It’s interesting to note that Abram had always believed that God would give him an heir. His doubts had been focused on the means by which God would fulfill that promise. He had been hung up on Sarai’s barrenness. That’s why he had come up with what he believed to be an acceptable and logical alternative solution. But now, his belief focused in on the power of God to accomplish the impossible. He went from believing in the promise to believing in the God who made the promise. And there is a huge difference.

In the great “Hall of Faith” found in chapter 11 of the book of Hebrews, the author states, “without faith it is impossible to please him, for whoever would draw near to God must believe that he exists and that he rewards those who seek him” (Hebrews 11:6 ESV). Abram was learning that his faith in God was the key to the promise of God. That does not mean that faith is what determines our reward, but that faith or belief in God is the means by which we appropriate the promises of God. We have to believe, trust in, and place our confidence in the God behind the promise.

The author of Hebrews goes on to explain how Abram displayed faith in God. And he describes how Abram’s faith developed and deepened over time until it influenced even his wife, Sarai.

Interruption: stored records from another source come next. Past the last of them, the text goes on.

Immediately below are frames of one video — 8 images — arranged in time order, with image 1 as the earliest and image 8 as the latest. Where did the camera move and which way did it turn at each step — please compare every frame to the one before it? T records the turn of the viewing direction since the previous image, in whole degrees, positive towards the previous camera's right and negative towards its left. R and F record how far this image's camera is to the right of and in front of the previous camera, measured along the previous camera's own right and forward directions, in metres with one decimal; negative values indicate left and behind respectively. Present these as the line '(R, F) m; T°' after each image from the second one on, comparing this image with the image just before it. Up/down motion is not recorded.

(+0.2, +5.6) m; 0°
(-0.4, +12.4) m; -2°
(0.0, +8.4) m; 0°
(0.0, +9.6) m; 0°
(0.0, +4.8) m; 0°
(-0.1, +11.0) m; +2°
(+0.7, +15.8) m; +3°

By faith Abraham obeyed when he was called to go out to a place that he was to receive as an inheritance. And he went out, not knowing where he was going. By faith he went to live in the land of promise, as in a foreign land, living in tents with Isaac and Jacob, heirs with him of the same promise. For he was looking forward to the city that has foundations, whose designer and builder is God. By faith Sarah herself received power to conceive, even when she was past the age, since she considered him faithful who had promised. Therefore from one man, and him as good as dead, were born descendants as many as the stars of heaven and as many as the innumerable grains of sand by the seashore. – Hebrews 11:8-12 ESV

Moses declares that God counted or credited Abram’s faith as righteousness. Abram was justified or made right with God because he chose to believe and trust, not only in the promises of God but in the God behind the promises. Abram had transferred his hope in the promise to the divine promise maker. And the author of Hebrews goes on to point out that faith in the God of the promise is what sets His people apart. Whether a child of God ever sees the promise fulfilled in their lifetime, they will continue to trust in the word and reliability of the promise maker.

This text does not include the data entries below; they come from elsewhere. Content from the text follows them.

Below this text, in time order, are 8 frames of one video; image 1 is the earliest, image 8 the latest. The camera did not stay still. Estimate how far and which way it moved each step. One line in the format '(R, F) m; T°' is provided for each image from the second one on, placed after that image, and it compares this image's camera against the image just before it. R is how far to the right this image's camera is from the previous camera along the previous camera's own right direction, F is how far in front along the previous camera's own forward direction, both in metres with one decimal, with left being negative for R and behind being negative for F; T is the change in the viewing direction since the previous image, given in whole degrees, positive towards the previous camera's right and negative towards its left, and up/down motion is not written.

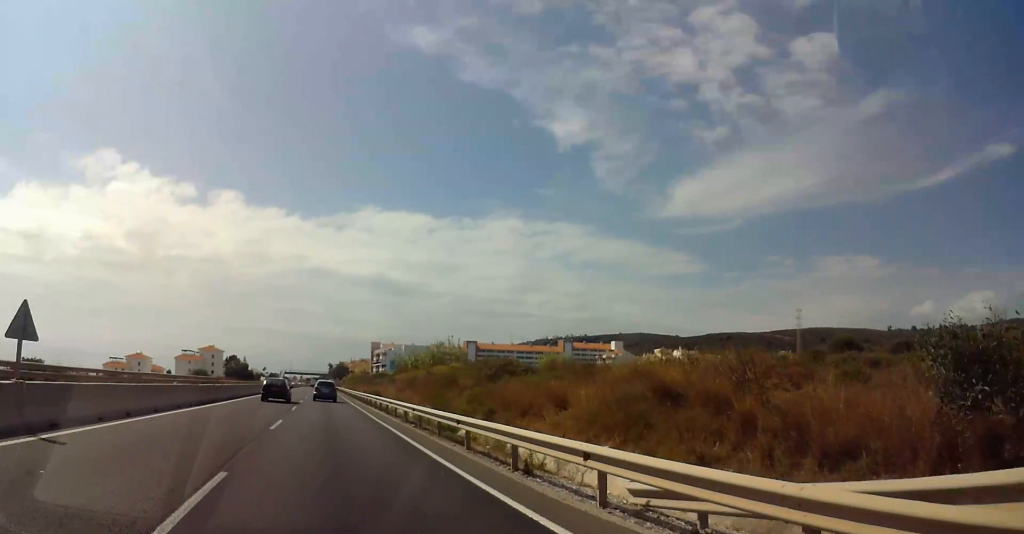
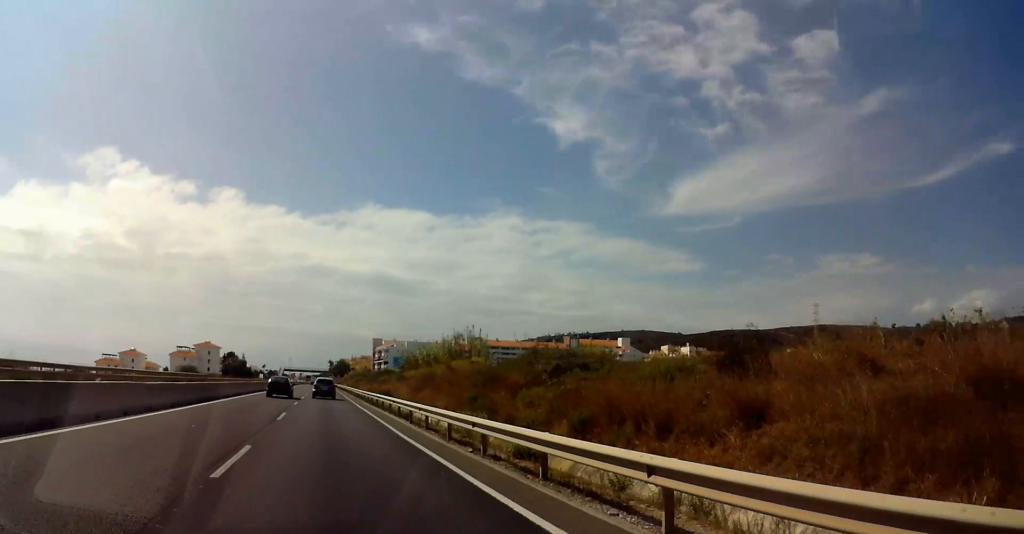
(+0.1, +10.4) m; +1°
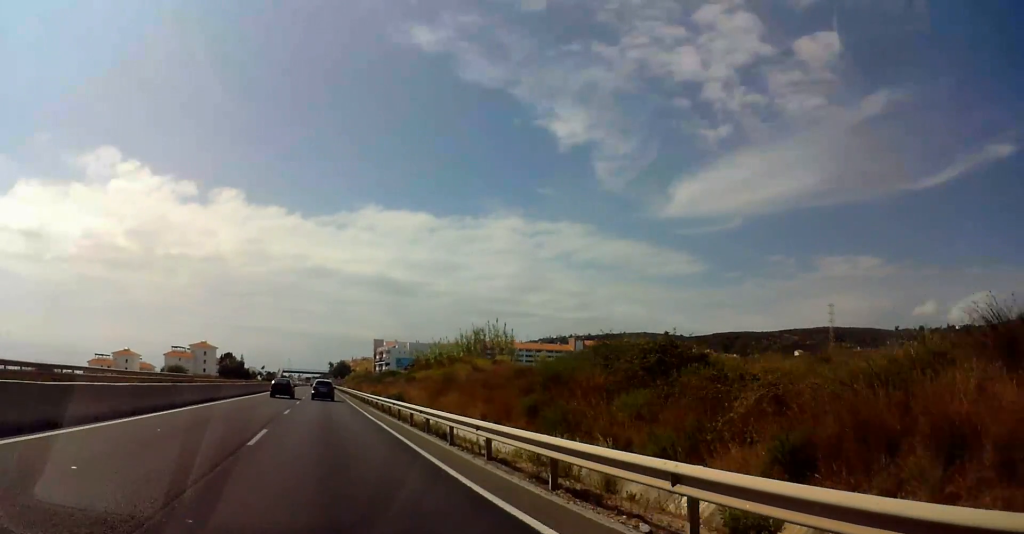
(0.0, +8.0) m; 0°
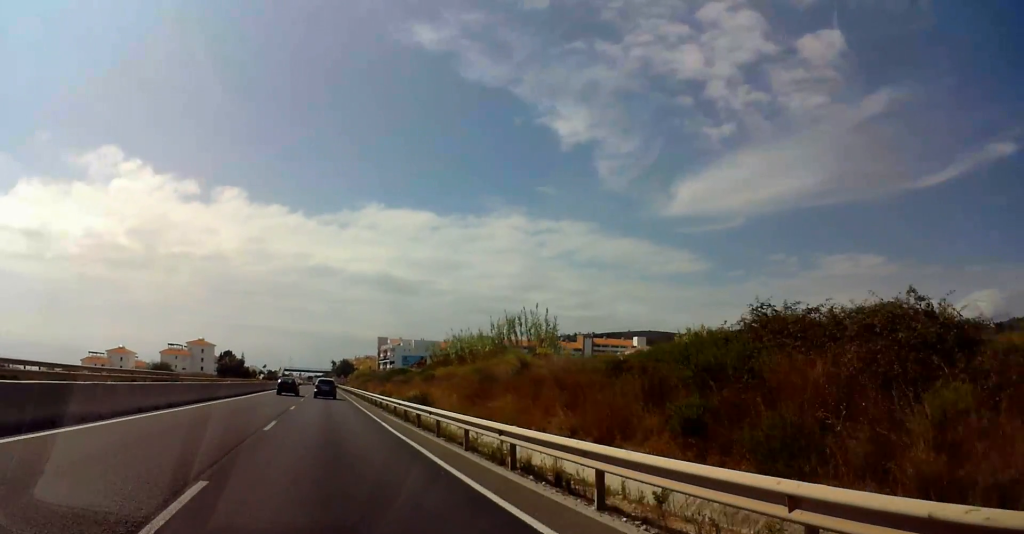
(0.0, +9.5) m; 0°
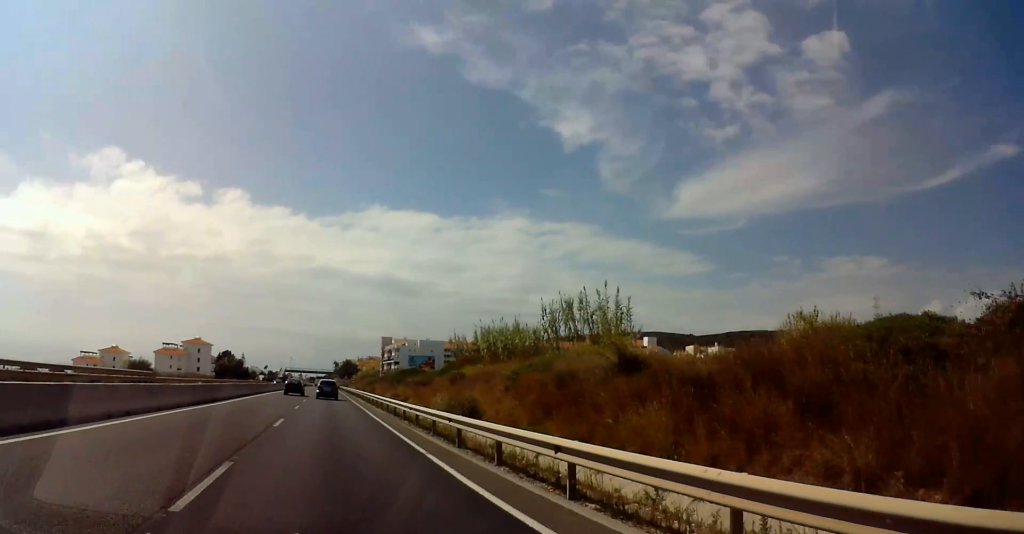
(0.0, +11.6) m; 0°
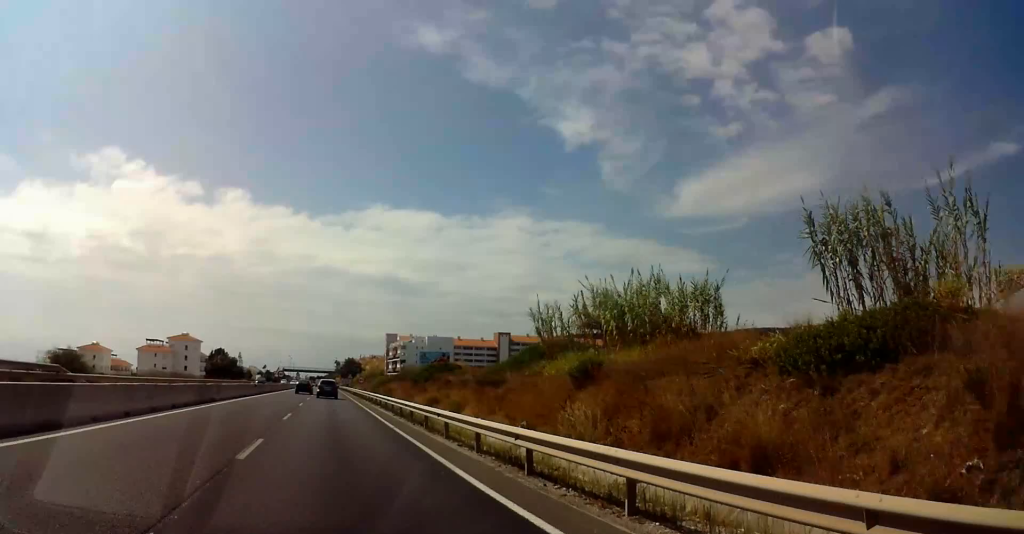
(-0.1, +21.8) m; 0°
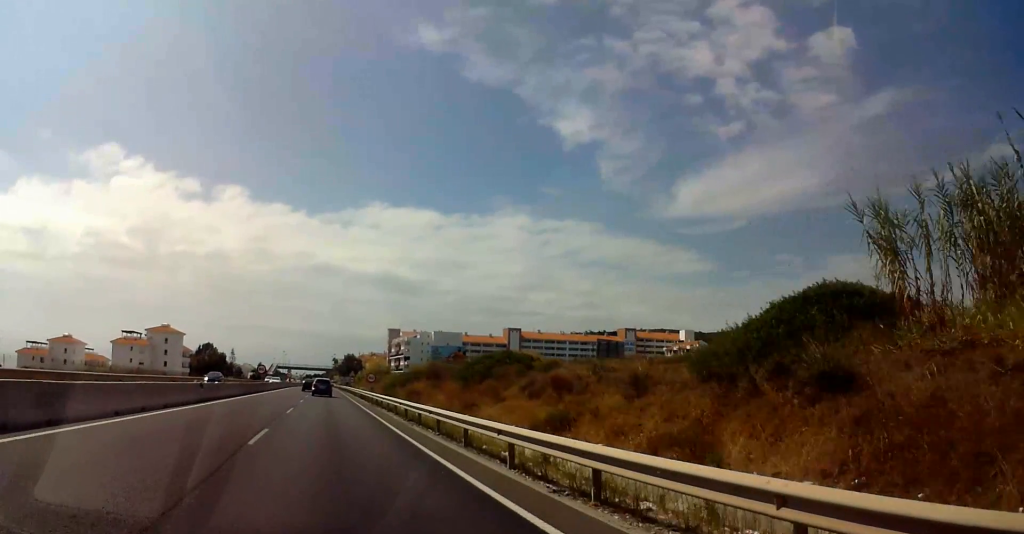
(0.0, +22.6) m; 0°
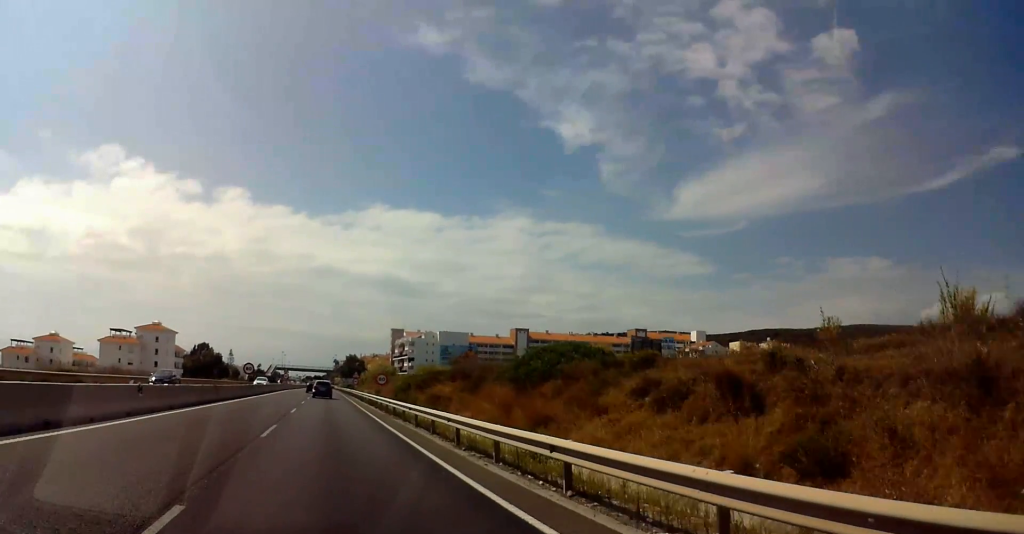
(0.0, +11.0) m; 0°

All these people earned a good reputation because of their faith, yet none of them received all that God had promised. – Hebrews 11:39 NLT

Abram would eventually see a son born to his barren wife. But he would never own any land in Canaan. He would never live to see the day when his descendants, as numerous as the stars in the sky, would occupy that land. But he would continue to believe that His God was good and could be trusted to do what He promised, whether Abram lived to see it or not. That is the essence of faith.

Now faith is the assurance of things hoped for, the conviction of things not seen. – Hebrews 11:1 ESV

English Standard Version (ESV) The Holy Bible, English Standard Version. ESV® Permanent Text Edition® (2016). Copyright © 2001 by Crossway Bibles, a publishing ministry of Good News Publishers.

New Living Translation (NLT) Holy Bible, New Living Translation, copyright © 1996, 2004, 2015 by Tyndale House Foundation. Used by permission of Tyndale House Publishers Inc., Carol Stream, Illinois 60188. All rights reserved.

New English Translation (NET)NET Bible® copyright ©1996-2017 by Biblical Studies Press, L.L.C. http://netbible.com All rights reserved.

The Short Journey from Doubt to Disobedience

1 Now the serpent was more crafty than any other beast of the field that the Lord God had made.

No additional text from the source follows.